In the summer of 2012, Mr. Oddbooks and I drove out to Baby Head, Texas. A real place. I swear.
It’s a ghost town now, more or less incorporated into Llano, Texas, and Llano was a weird place in its own right. We drove around forever trying to find the remaining Baby Head post office and never found it. But we did find plenty of Apostolic churches, Cowboy Congregations, exotic animals being raised so weekend warriors can obliterate them with assault weapons on canned hunts, and several hidden little cemeteries that I really want to go back and investigate, as long as I can remember to wear steel-toed boots to repel all the grass burrs and fire ants.
Back to Baby Head. The town got its name because “oral tradition” says that some time between 1850-1875, a local Indian tribe kidnapped a white child, killed it, and left it on a mountain that came to be called Babyhead Mountain. (The town’s name and the cemetery’s name are Baby Head, while the mountain is Babyhead. Don’t ask me why. But even that isn’t carved in stone as you will find the town, the cemetery and the mountain all referred to as “Babyhead” or “Baby Head” with no real explanation for the variations.)

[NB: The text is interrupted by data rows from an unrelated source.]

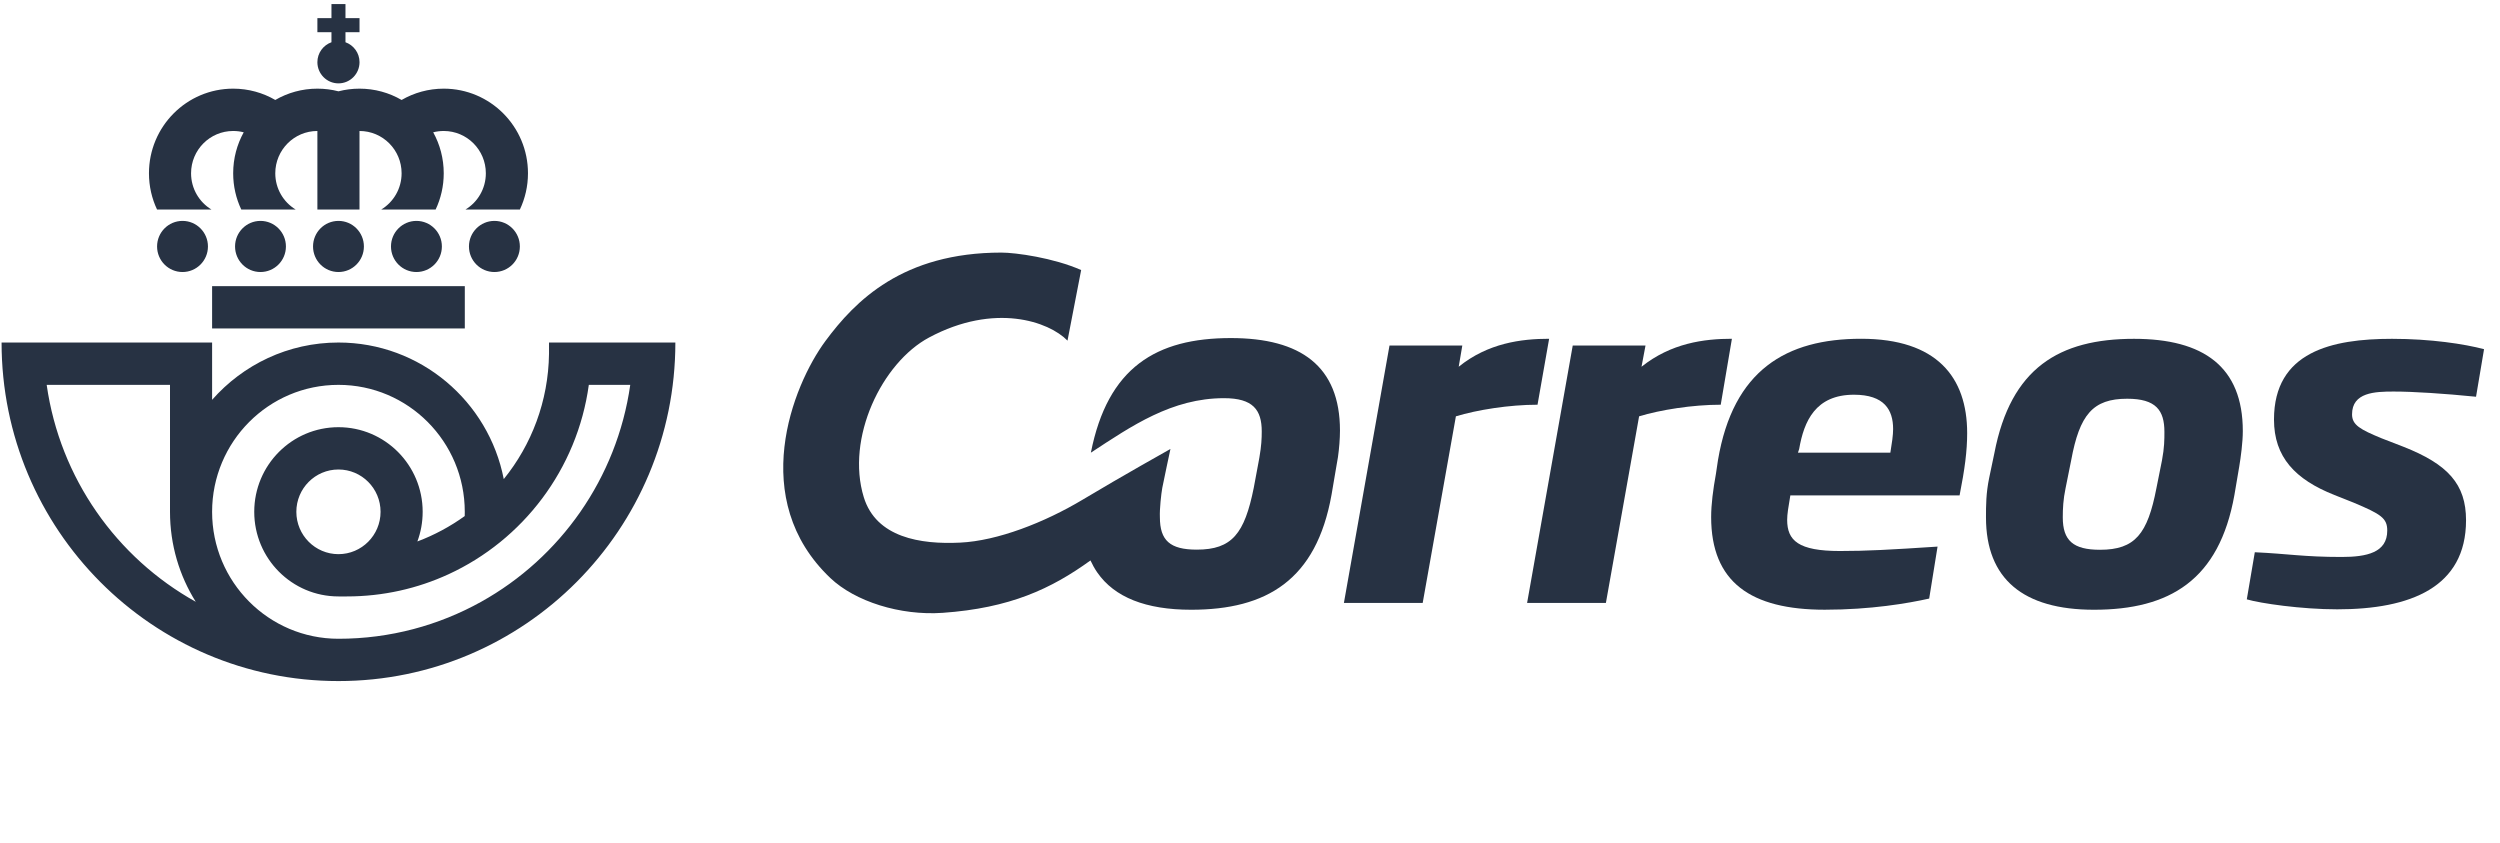 <svg width="89" height="30" viewBox="0 0 89 30" fill="none" xmlns="http://www.w3.org/2000/svg">
<path d="M10.55 18.221C10.55 19.052 11.221 19.728 12.049 19.728C12.877 19.728 13.548 19.052 13.548 18.221C13.548 17.389 12.877 16.714 12.049 16.714C11.221 16.714 10.55 17.389 10.55 18.221ZM20.962 13.701C20.55 16.707 18.615 19.226 15.966 20.444C14.864 20.951 13.639 21.233 12.349 21.233H12.049C10.393 21.233 9.051 19.885 9.051 18.221C9.051 16.557 10.393 15.208 12.049 15.208C13.705 15.208 15.047 16.557 15.047 18.221C15.047 18.592 14.98 18.947 14.859 19.276C15.463 19.049 16.029 18.743 16.544 18.372C16.544 18.372 16.546 18.271 16.546 18.221C16.546 15.725 14.532 13.701 12.049 13.701C9.565 13.701 7.551 15.725 7.551 18.221C7.551 20.716 9.565 22.74 12.049 22.74C13.892 22.74 15.623 22.262 17.129 21.424C19.942 19.858 21.962 17.03 22.437 13.701L20.962 13.701ZM6.052 13.701H1.662C2.135 17.03 4.156 19.858 6.969 21.424C6.388 20.497 6.052 19.398 6.052 18.221V13.701ZM24.043 12.194C24.043 18.851 18.673 24.246 12.049 24.246C5.425 24.246 0.056 18.851 0.056 12.194H7.551V14.234C8.651 12.984 10.258 12.194 12.049 12.194C14.965 12.194 17.395 14.286 17.934 17.056C18.922 15.836 19.522 14.286 19.545 12.594V12.194H24.043Z" fill="#273243"/>
<path d="M12.049 7.46H11.299V4.663C10.472 4.663 9.8 5.337 9.8 6.169C9.8 6.717 10.091 7.197 10.527 7.46H8.59C8.405 7.069 8.301 6.631 8.301 6.169C8.301 5.64 8.437 5.142 8.676 4.71C8.556 4.679 8.431 4.663 8.301 4.663C7.473 4.663 6.802 5.337 6.802 6.169C6.802 6.717 7.093 7.197 7.529 7.46H5.591C5.406 7.069 5.303 6.631 5.303 6.169C5.303 4.505 6.645 3.156 8.301 3.156C8.847 3.156 9.36 3.303 9.8 3.559C10.241 3.303 10.754 3.156 11.299 3.156C11.559 3.156 11.81 3.189 12.049 3.251C12.289 3.189 12.539 3.156 12.798 3.156C13.345 3.156 13.857 3.303 14.297 3.559C14.739 3.303 15.251 3.156 15.797 3.156C17.453 3.156 18.796 4.505 18.796 6.169C18.796 6.631 18.692 7.069 18.507 7.46H16.57C17.005 7.197 17.296 6.717 17.296 6.169C17.296 5.337 16.625 4.663 15.797 4.663C15.668 4.663 15.543 4.679 15.422 4.71C15.661 5.142 15.797 5.64 15.797 6.169C15.797 6.631 15.693 7.069 15.508 7.46H13.571C14.006 7.197 14.297 6.717 14.297 6.169C14.297 5.337 13.627 4.663 12.798 4.663V7.46H12.049Z" fill="#273243"/>
<path d="M5.592 8.774C5.592 8.272 5.997 7.864 6.498 7.864C6.997 7.864 7.403 8.272 7.403 8.774C7.403 9.277 6.997 9.684 6.498 9.684C5.997 9.684 5.592 9.277 5.592 8.774Z" fill="#273243"/>
<path d="M16.695 8.774C16.695 8.272 17.101 7.864 17.601 7.864C18.102 7.864 18.507 8.272 18.507 8.774C18.507 9.277 18.102 9.684 17.601 9.684C17.101 9.684 16.695 9.277 16.695 8.774Z" fill="#273243"/>
<path d="M13.919 8.774C13.919 8.272 14.325 7.864 14.825 7.864C15.325 7.864 15.731 8.272 15.731 8.774C15.731 9.277 15.325 9.684 14.825 9.684C14.325 9.684 13.919 9.277 13.919 8.774Z" fill="#273243"/>
<path d="M11.144 8.774C11.144 8.272 11.549 7.864 12.05 7.864C12.55 7.864 12.955 8.272 12.955 8.774C12.955 9.277 12.55 9.684 12.05 9.684C11.549 9.684 11.144 9.277 11.144 8.774Z" fill="#273243"/>
<path d="M8.368 8.774C8.368 8.272 8.773 7.864 9.273 7.864C9.773 7.864 10.179 8.272 10.179 8.774C10.179 9.277 9.773 9.684 9.273 9.684C8.773 9.684 8.368 9.277 8.368 8.774Z" fill="#273243"/>
<path d="M7.551 10.187H16.547V11.693H7.551V10.187Z" fill="#273243"/>
<path d="M11.8 1.504V1.147H11.299V0.646H11.8V0.144H12.299V0.646H12.799V1.147H12.299V1.504C12.59 1.608 12.799 1.886 12.799 2.214C12.799 2.63 12.464 2.968 12.049 2.968C11.635 2.968 11.299 2.63 11.299 2.214C11.299 1.886 11.508 1.608 11.8 1.504Z" fill="#273243"/>
<path d="M38.55 17.784C37.176 18.607 35.506 19.254 34.185 19.317C32.76 19.388 31.192 19.133 30.751 17.702C30.104 15.597 31.395 12.912 33.077 12.014C35.406 10.769 37.34 11.443 38.003 12.127L38.489 9.614C37.504 9.177 36.153 8.992 35.649 8.992C32.134 8.992 30.444 10.711 29.387 12.138C28.201 13.743 26.618 17.784 29.561 20.578C30.439 21.411 32.041 21.922 33.559 21.817C35.954 21.648 37.421 20.964 38.821 19.952C38.891 20.104 38.971 20.247 39.063 20.38C39.675 21.264 40.791 21.707 42.405 21.707C45.09 21.707 46.861 20.652 47.403 17.611L47.575 16.6C47.595 16.504 47.614 16.394 47.631 16.275C47.674 15.972 47.703 15.618 47.703 15.329C47.703 13.034 46.304 12.035 43.819 12.035C41.163 12.035 39.435 13.077 38.835 16.115C40.292 15.159 41.72 14.175 43.577 14.175C44.605 14.175 44.918 14.589 44.918 15.359C44.918 15.61 44.906 15.875 44.836 16.275C44.83 16.308 44.825 16.339 44.819 16.372L44.633 17.37C44.305 18.996 43.862 19.567 42.605 19.567C41.649 19.567 41.292 19.239 41.292 18.412C41.278 18.125 41.34 17.573 41.377 17.37C41.414 17.168 41.668 15.983 41.668 15.983C41.668 15.983 39.936 16.953 38.55 17.784Z" fill="#273243"/>
<path d="M55.149 12.06C54.152 12.06 52.969 12.216 51.93 13.056L52.058 12.302H49.466L47.843 21.464H50.648L51.83 14.821C52.585 14.592 53.724 14.408 54.736 14.408L55.149 12.06Z" fill="#273243"/>
<path d="M61.656 12.06C60.661 12.06 59.492 12.216 58.438 13.056L58.58 12.302H55.989L54.365 21.464H57.17L58.352 14.821C59.108 14.592 60.246 14.408 61.258 14.408L61.656 12.06Z" fill="#273243"/>
<path d="M85.214 13.939C85.911 13.939 87.008 14.01 88.147 14.124L88.432 12.431C87.734 12.246 86.537 12.062 85.156 12.062C83.02 12.062 80.954 12.516 80.954 14.935C80.954 16.273 81.71 17.07 83.105 17.622L83.789 17.894C84.772 18.307 84.986 18.449 84.986 18.89C84.986 19.671 84.259 19.828 83.362 19.828C82.009 19.828 81.469 19.715 80.271 19.66L79.986 21.337C80.471 21.479 81.924 21.692 83.206 21.692C85.811 21.692 87.791 20.911 87.791 18.52C87.791 17.24 87.15 16.528 85.556 15.902L84.786 15.604C84.031 15.291 83.733 15.133 83.733 14.751C83.733 13.968 84.544 13.939 85.214 13.939Z" fill="#273243"/>
<path d="M76.967 16.386L76.768 17.381C76.455 19.004 76.013 19.572 74.76 19.572C73.806 19.572 73.435 19.245 73.435 18.42C73.435 18.108 73.45 17.78 73.534 17.381L73.734 16.386C74.033 14.764 74.503 14.195 75.728 14.195C76.754 14.195 77.053 14.608 77.053 15.376C77.053 15.646 77.053 15.93 76.967 16.386ZM75.97 12.062C73.307 12.062 71.584 13.099 71 16.13L70.815 17.012C70.701 17.567 70.701 17.994 70.701 18.42C70.701 20.611 72.025 21.707 74.545 21.707C77.238 21.707 79.004 20.654 79.545 17.622L79.716 16.614C79.773 16.272 79.844 15.746 79.844 15.347C79.844 13.057 78.448 12.062 75.97 12.062Z" fill="#273243"/>
<path d="M67.297 16.115H64.007L64.05 15.987C64.221 14.991 64.633 14.052 66.001 14.052C67.084 14.052 67.395 14.593 67.395 15.275C67.395 15.489 67.353 15.775 67.297 16.115ZM66.257 12.06C63.594 12.06 61.7 13.17 61.159 16.386L61.087 16.87C60.987 17.424 60.917 17.951 60.917 18.407C60.917 20.724 62.326 21.706 64.961 21.706C66.598 21.706 67.924 21.478 68.679 21.309L68.977 19.459C67.255 19.572 66.456 19.616 65.502 19.616C64.021 19.616 63.623 19.245 63.623 18.506C63.623 18.307 63.666 18.05 63.736 17.637H69.761C69.946 16.699 70.031 16.059 70.031 15.418C70.031 13.426 68.948 12.06 66.257 12.06Z" fill="#273243"/>
</svg>
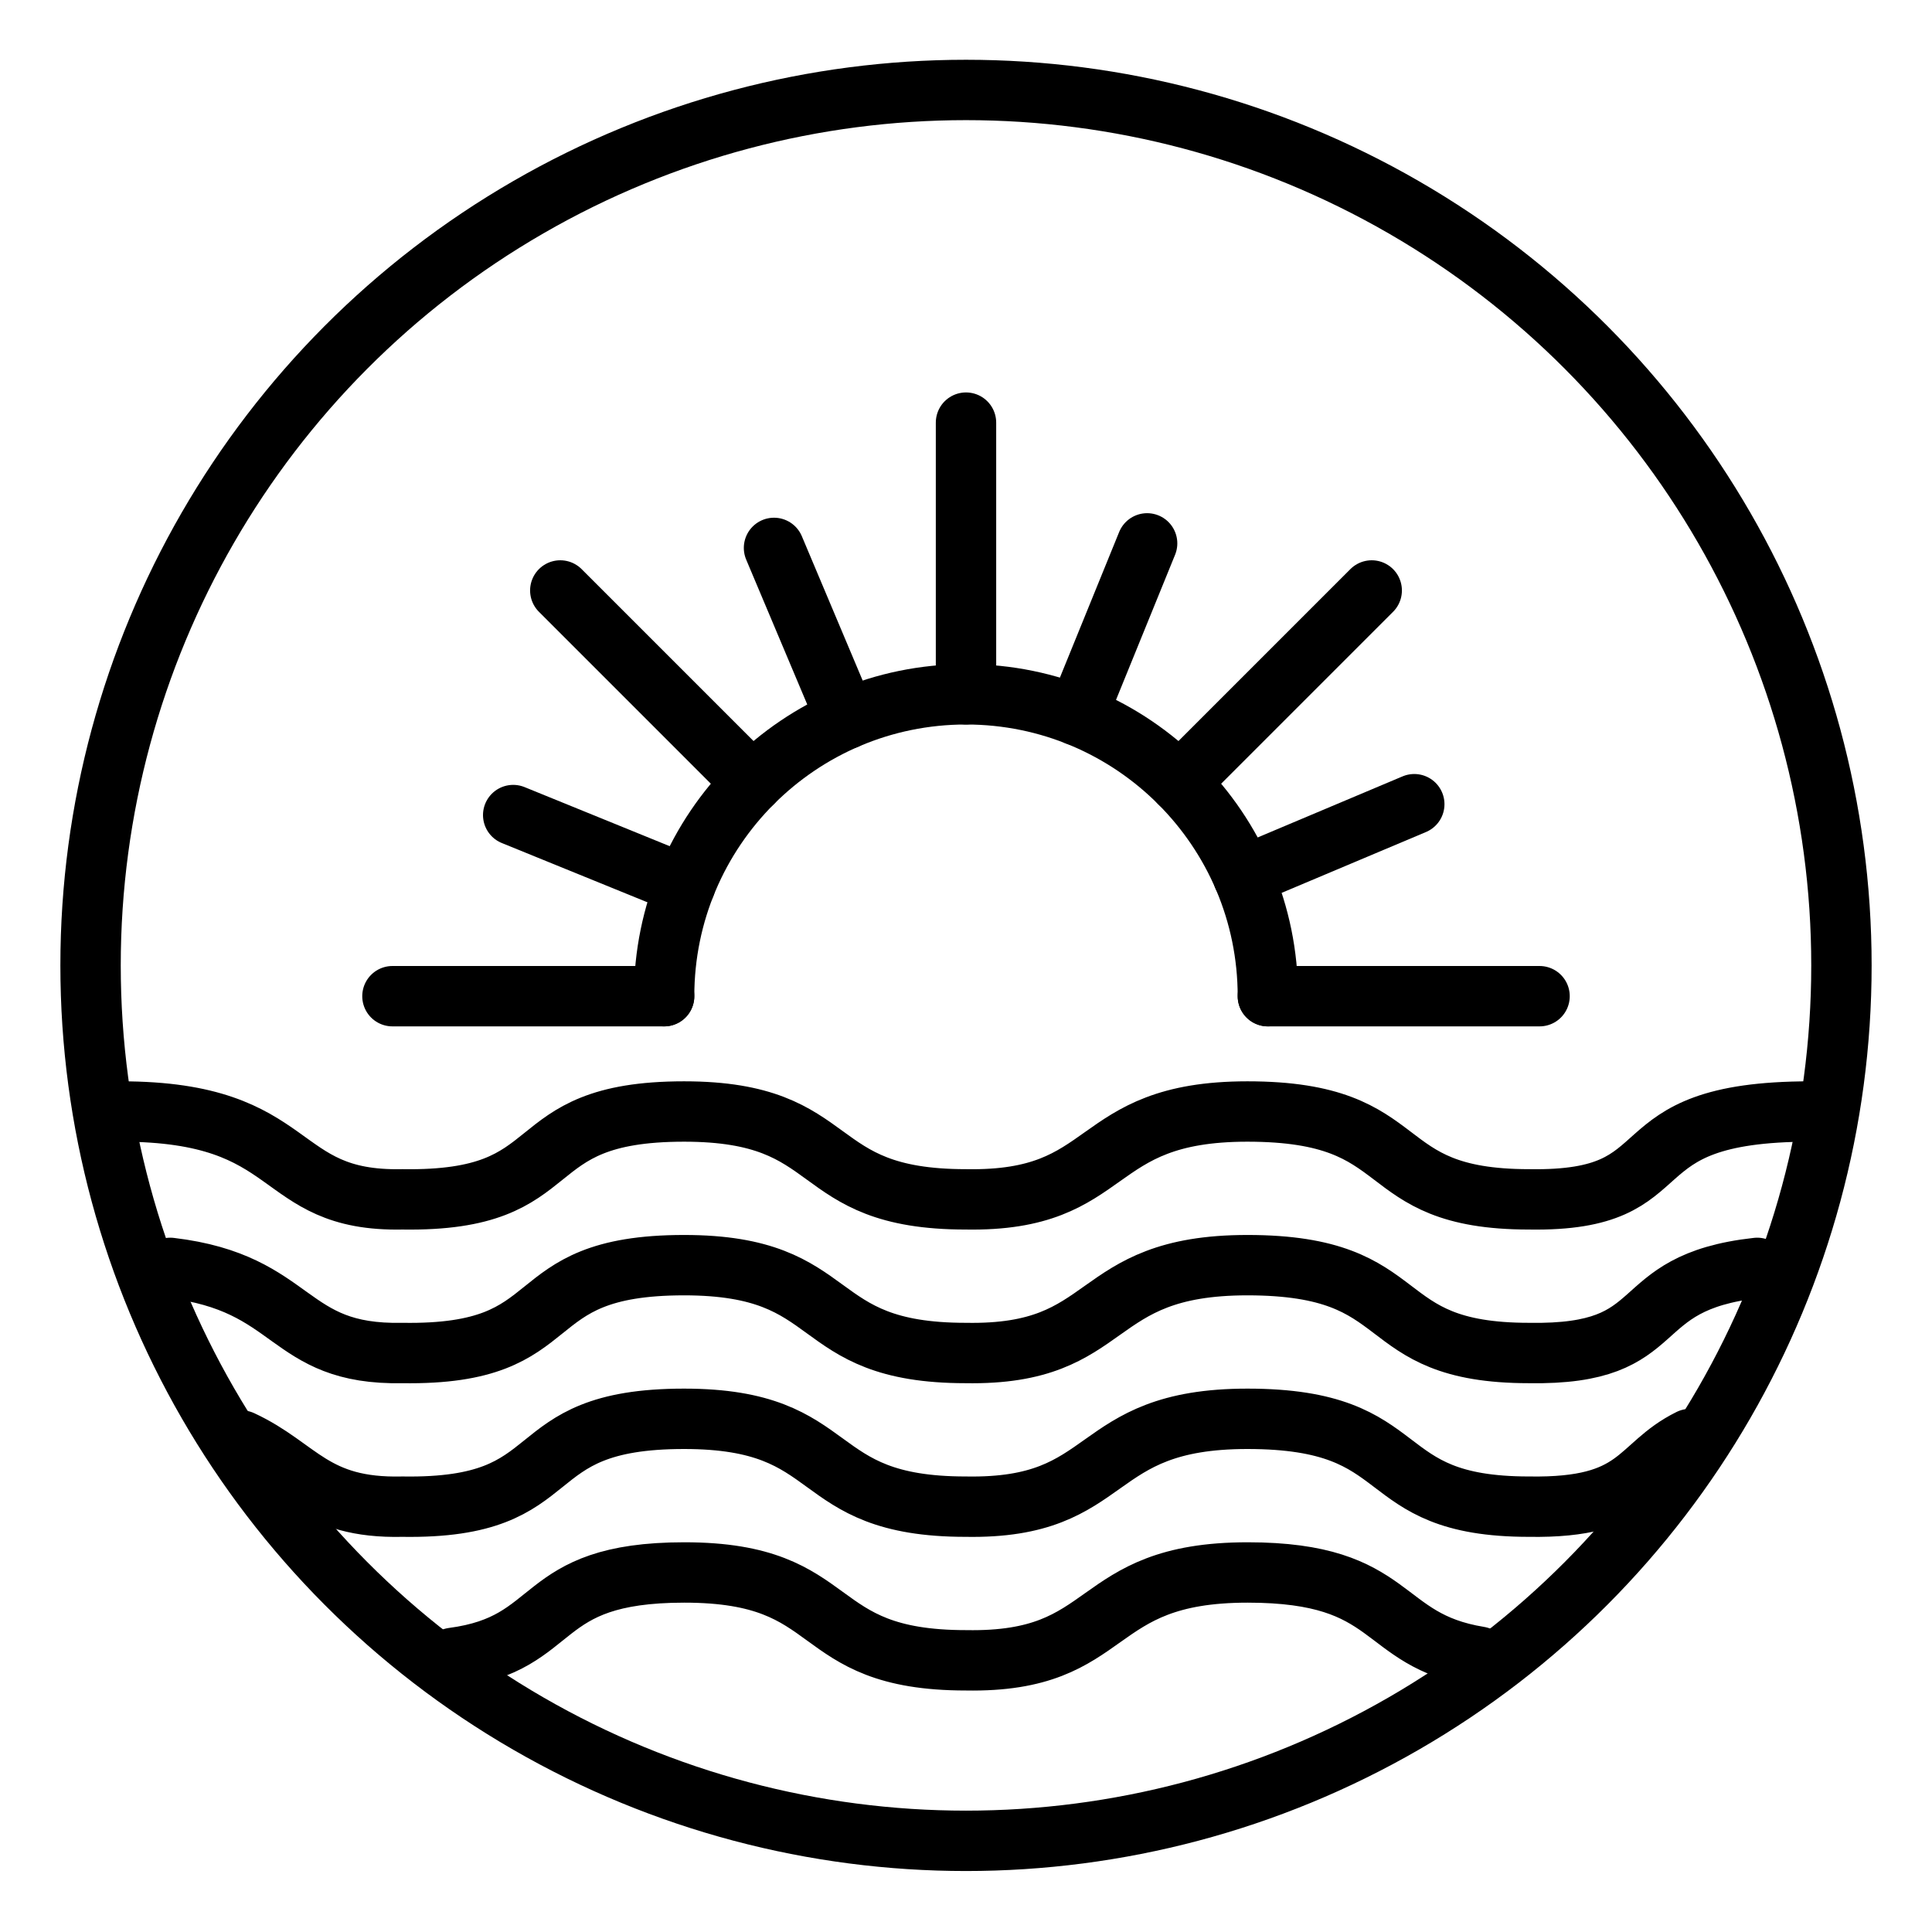 <?xml version="1.0" encoding="UTF-8"?>
<svg id="Layer_1" data-name="Layer 1" xmlns="http://www.w3.org/2000/svg" viewBox="0 0 64 64">
  <defs>
    <style>
      .cls-1 {
        fill: none;
        stroke: #000;
        stroke-linecap: round;
        stroke-linejoin: round;
        stroke-width: 2px;
      }
    </style>
  </defs>
  <circle class="cls-1" cx="32" cy="31.98" r="29"/>
  <g>
    <path class="cls-1" d="M42,33c0-5.52-4.48-10-10-10s-10,4.48-10,10"/>
    <line class="cls-1" x1="22" y1="33" x2="13" y2="33"/>
    <line class="cls-1" x1="22.7" y1="29.32" x2="17" y2="27"/>
    <line class="cls-1" x1="28.03" y1="23.82" x2="25.64" y2="18.15"/>
    <line class="cls-1" x1="35.68" y1="23.7" x2="38" y2="18"/>
    <line class="cls-1" x1="41.18" y1="29.03" x2="46.85" y2="26.64"/>
    <line class="cls-1" x1="24.93" y1="25.93" x2="18.56" y2="19.56"/>
    <line class="cls-1" x1="32" y1="23" x2="32" y2="14"/>
    <line class="cls-1" x1="39.07" y1="25.93" x2="45.44" y2="19.56"/>
    <line class="cls-1" x1="42" y1="33" x2="51" y2="33"/>
  </g>
  <path class="cls-1" d="M4,36.82c6,0,5,3,9.33,2.91,5.67.09,3.67-2.91,9.33-2.91,5.33,0,4,2.91,9.33,2.91,5,.09,4-2.91,9.33-2.91,5.67,0,4,2.91,9.33,2.91,5.33.09,2.67-2.91,9.33-2.91"/>
  <path class="cls-1" d="M5.64,42c4.21.5,3.8,2.9,7.69,2.82,5.67.09,3.67-2.91,9.33-2.91,5.33,0,4,2.91,9.33,2.91,5,.09,4-2.91,9.33-2.91,5.67,0,4,2.91,9.33,2.91,4.79.08,3.13-2.33,7.56-2.82"/>
  <path class="cls-1" d="M8,47.72c1.9.88,2.38,2.26,5.33,2.19,5.67.09,3.67-2.91,9.33-2.91,5.33,0,4,2.91,9.33,2.91,5,.09,4-2.91,9.33-2.91,5.67,0,4,2.91,9.33,2.91,3.7.06,3.55-1.36,5.33-2.24"/>
  <path class="cls-1" d="M15,54.92c3.64-.48,2.65-2.83,7.67-2.83,5.33,0,4,2.91,9.33,2.91,5,.09,4-2.91,9.33-2.91,4.97,0,4.3,2.24,7.67,2.79"/>
</svg>

It’s hard to know if there is any truth to this legend. The tribe of the Indians who supposedly killed the baby is unknown, though if hard-pressed I would say it had to be Comanches, a pretty harsh tribe to be sure. The name of the baby is also officially unknown, but it is assumed to have been a little girl. I personally suspect the baby’s designated gender is because the oldest grave in the Baby Head Cemetery belongs to a little girl who died on New Year’s Day in 1884, though one local historian insisted her late husband knew people who searched for the child. The woman’s husband said the little girl was murdered in 1873, and that her name was Mary Elizabeth Buster. I have never been able to run to ground a Mary Elizabeth or a Mary Elizabeth Buster from Baby Head in 1873, but I also have a notoriously short attention span. This article by Dale Fry best illustrates all the stories about this Texas legend.
I had read several accounts of how creepy Baby Head Cemetery is. It wasn’t creepy. It was interesting, and sort of macabre in a very sunny way, but mostly it was painful.